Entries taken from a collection
--- --- ---

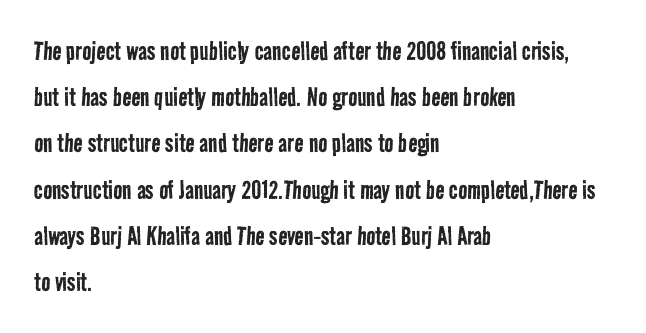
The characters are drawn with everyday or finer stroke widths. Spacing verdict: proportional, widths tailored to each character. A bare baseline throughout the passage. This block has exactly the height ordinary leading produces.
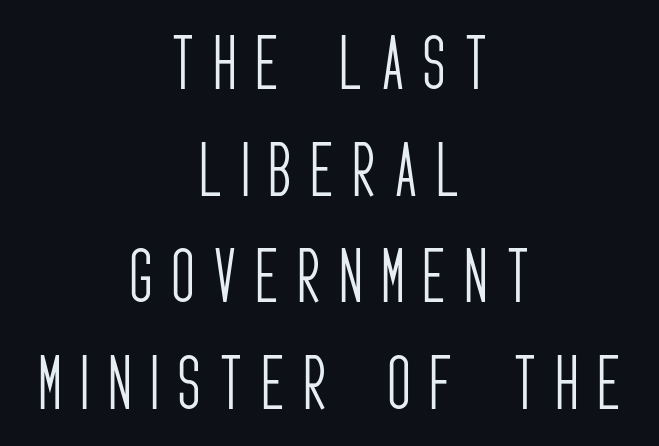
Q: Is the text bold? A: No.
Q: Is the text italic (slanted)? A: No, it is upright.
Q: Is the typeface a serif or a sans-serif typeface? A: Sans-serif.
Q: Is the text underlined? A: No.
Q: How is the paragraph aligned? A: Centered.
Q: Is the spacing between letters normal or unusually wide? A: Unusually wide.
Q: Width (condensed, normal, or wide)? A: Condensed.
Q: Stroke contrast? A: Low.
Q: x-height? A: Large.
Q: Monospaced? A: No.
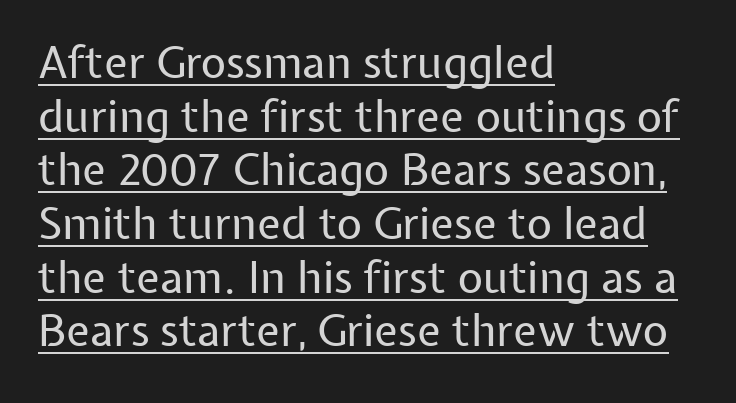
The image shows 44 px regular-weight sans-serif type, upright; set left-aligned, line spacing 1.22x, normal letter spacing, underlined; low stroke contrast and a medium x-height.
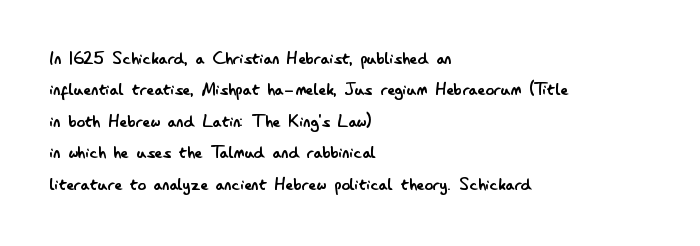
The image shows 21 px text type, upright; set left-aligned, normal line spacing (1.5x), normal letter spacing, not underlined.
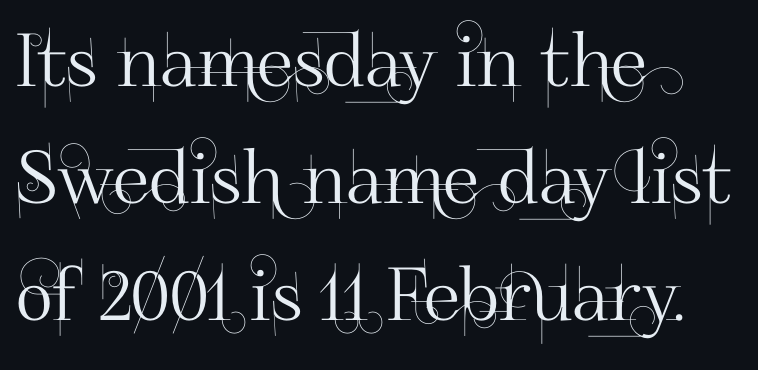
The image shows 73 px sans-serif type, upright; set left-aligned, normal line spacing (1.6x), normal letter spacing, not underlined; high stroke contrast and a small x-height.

--- --- ---

## REQUIRED WORK:
Could you return exactly the lines above from the line with "Q: Is the text underlined? A: No." to the line with "Q: Stroke contrast? A: Low.", both included, and nothing else?

## SOLUTION TO THE PROBLEM:
Q: Is the text underlined? A: No.
Q: How is the paragraph aligned? A: Centered.
Q: Is the spacing between letters normal or unusually wide? A: Unusually wide.
Q: Width (condensed, normal, or wide)? A: Condensed.
Q: Stroke contrast? A: Low.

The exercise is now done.